Dataset excerpts
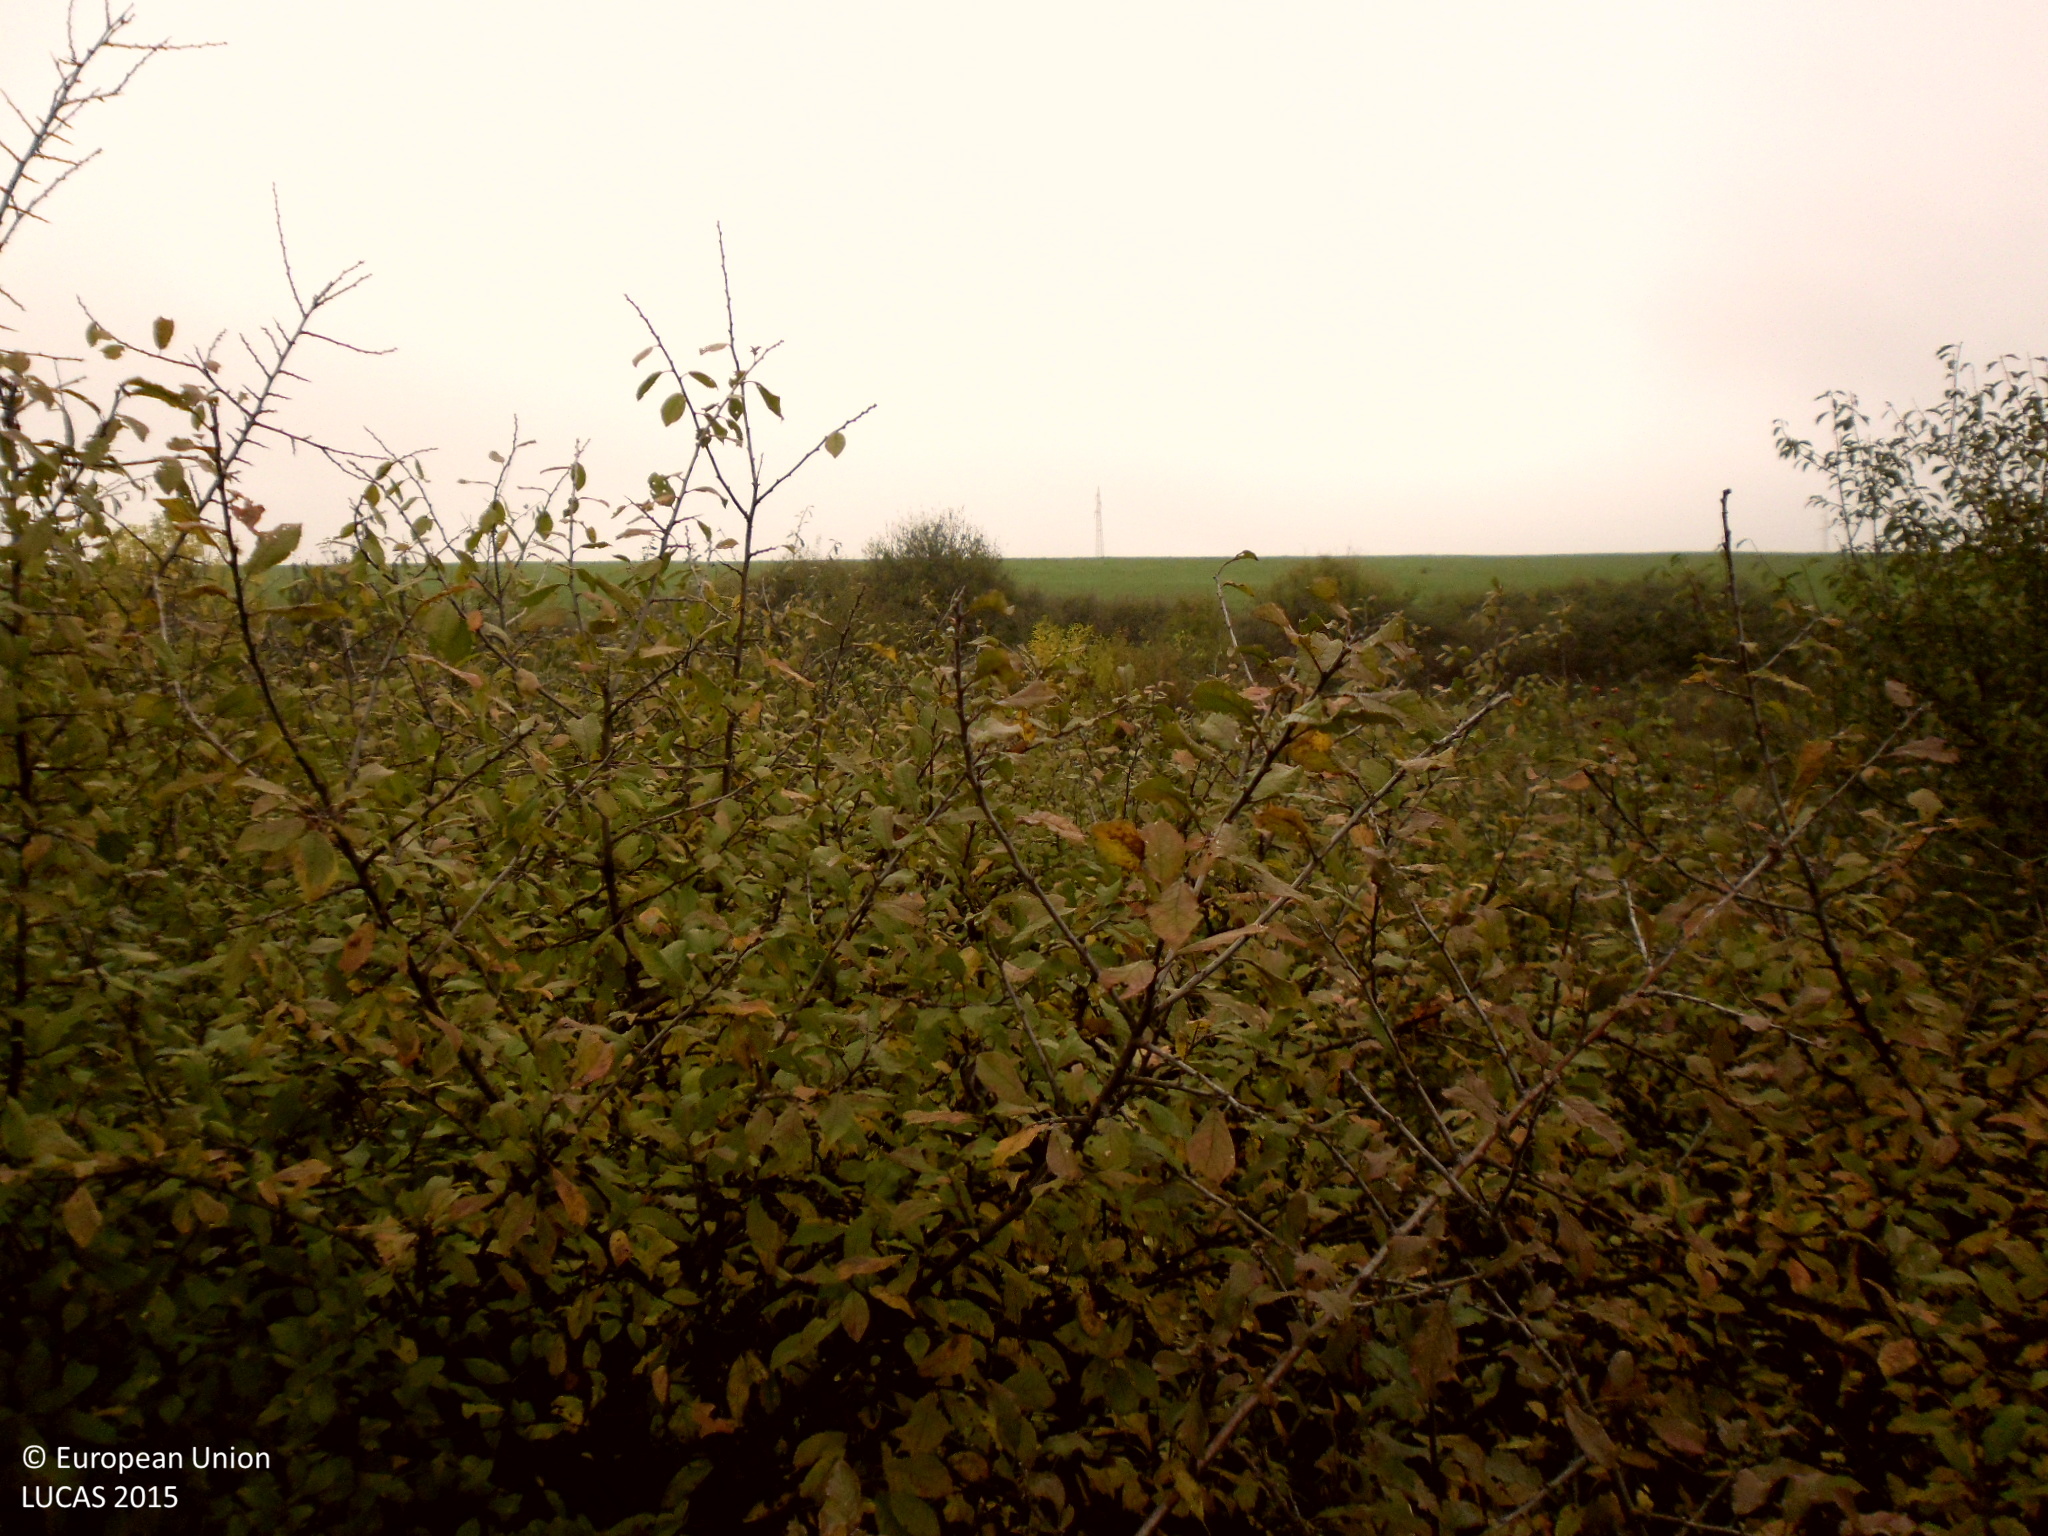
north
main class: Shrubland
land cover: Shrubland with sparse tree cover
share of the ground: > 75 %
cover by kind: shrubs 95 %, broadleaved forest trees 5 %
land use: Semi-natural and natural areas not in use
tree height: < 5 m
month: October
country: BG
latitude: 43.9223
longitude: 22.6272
--
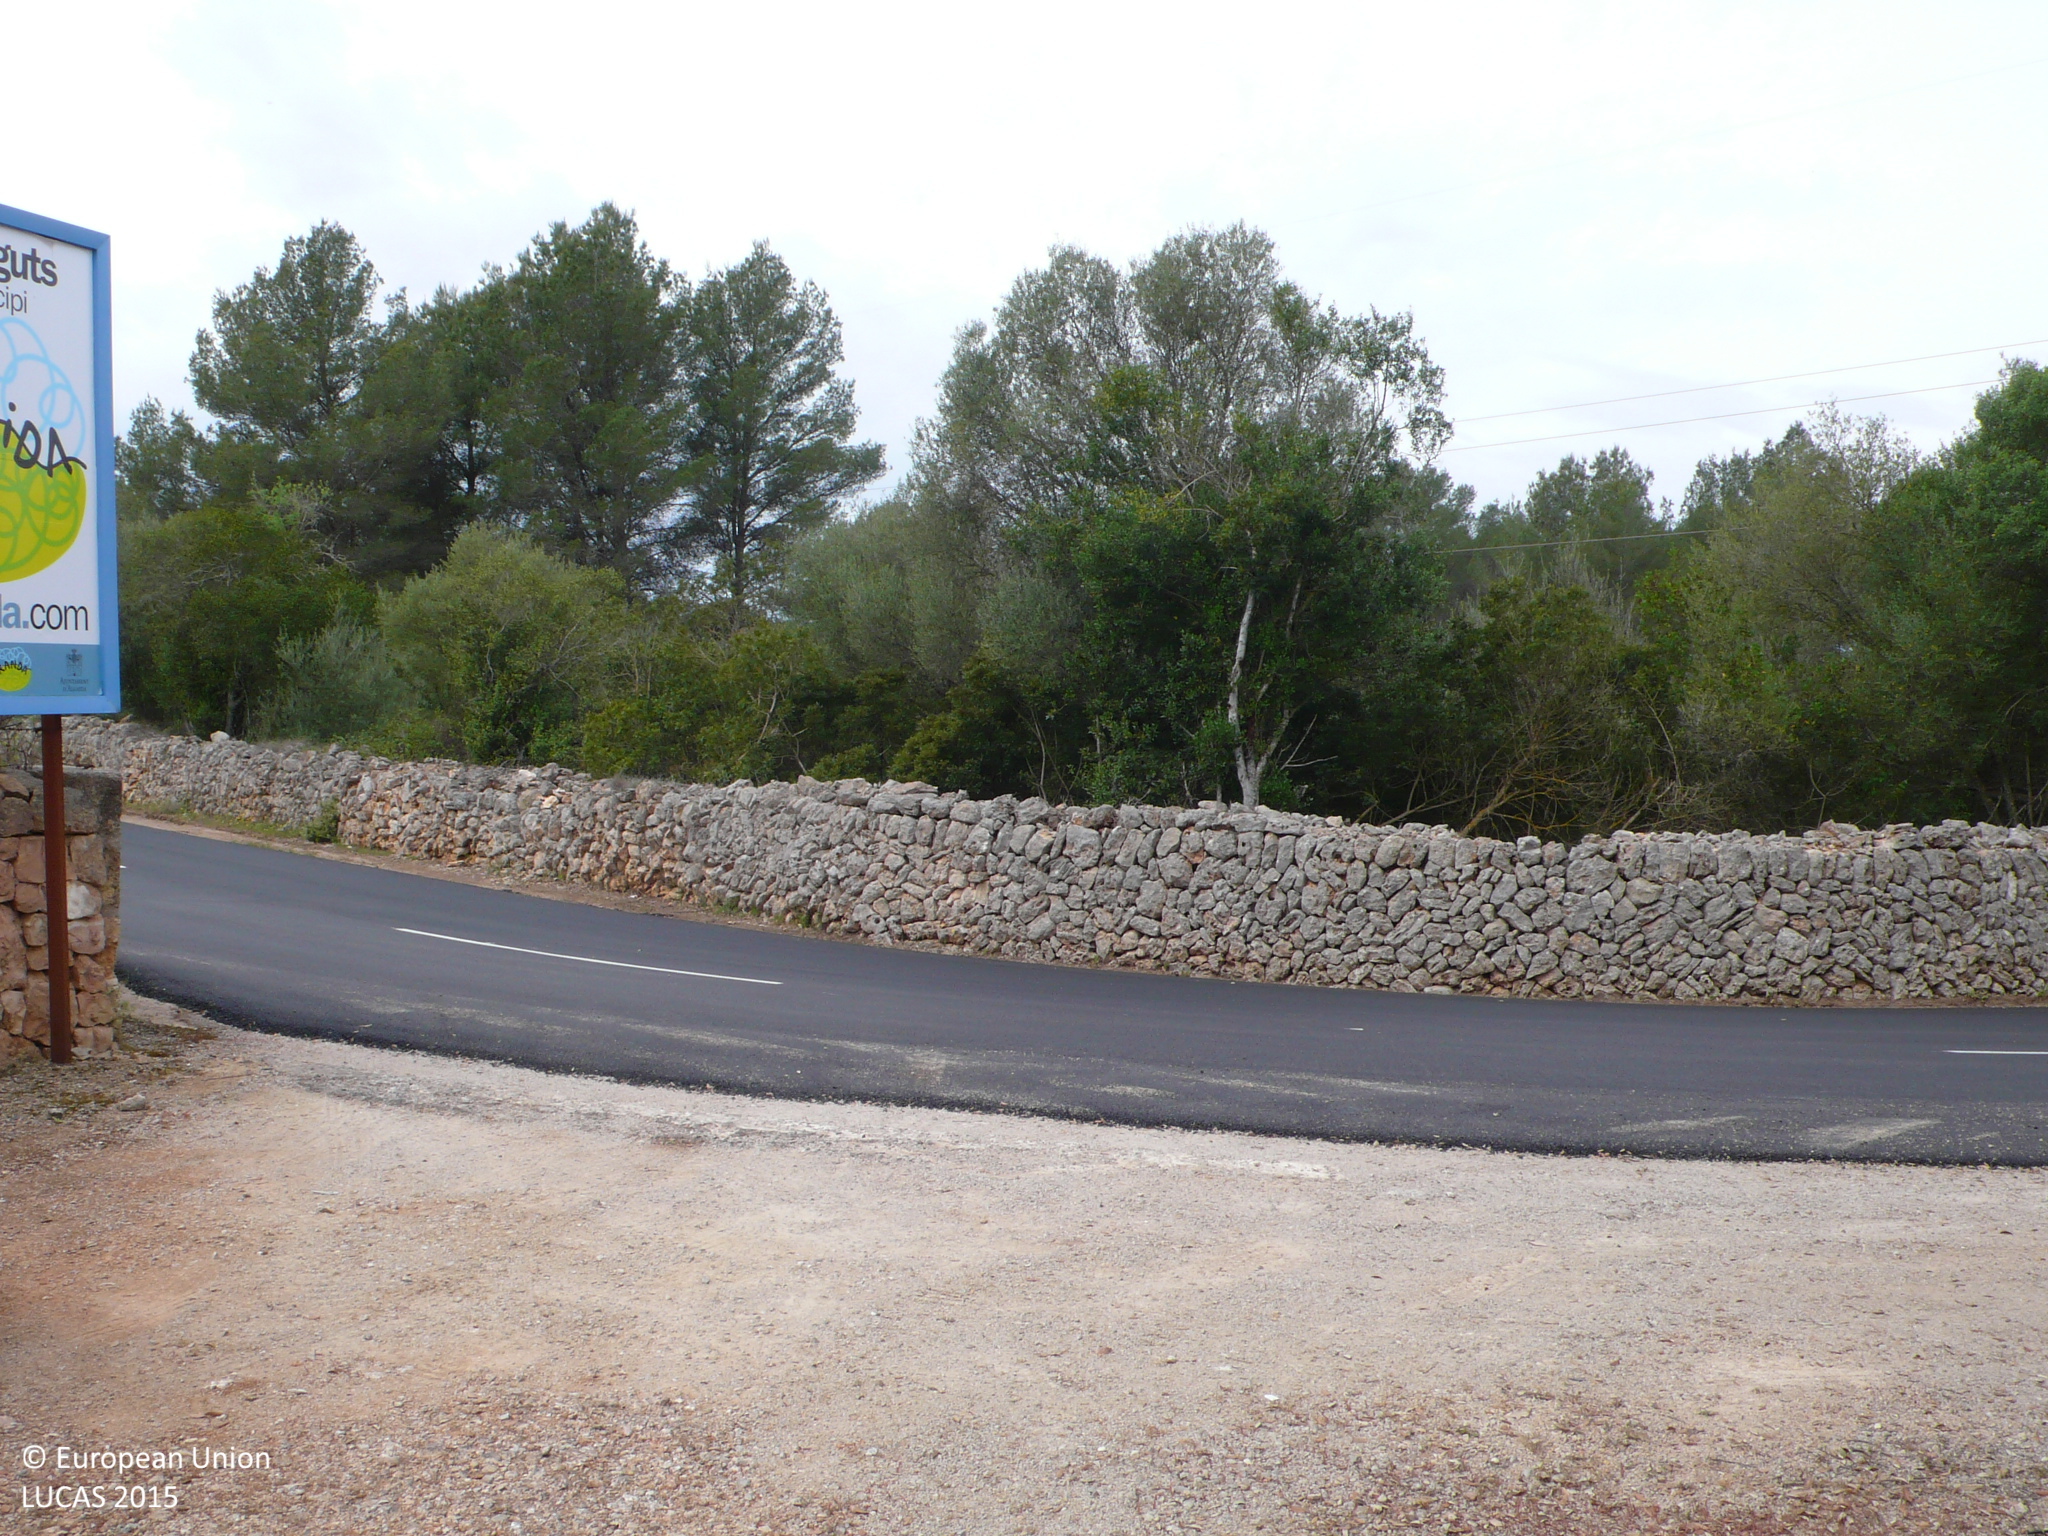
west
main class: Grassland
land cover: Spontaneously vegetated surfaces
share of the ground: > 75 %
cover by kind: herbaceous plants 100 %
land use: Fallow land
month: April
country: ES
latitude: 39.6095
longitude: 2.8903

● **What the exercise asks**
With the line that has "cover by kind: herbaceous plants 100 %" as the first and the line that has "longitude: 2.8903" as the last, repeat exactly that run of lines above and no more.

● **Finished exercise**
cover by kind: herbaceous plants 100 %
land use: Fallow land
month: April
country: ES
latitude: 39.6095
longitude: 2.8903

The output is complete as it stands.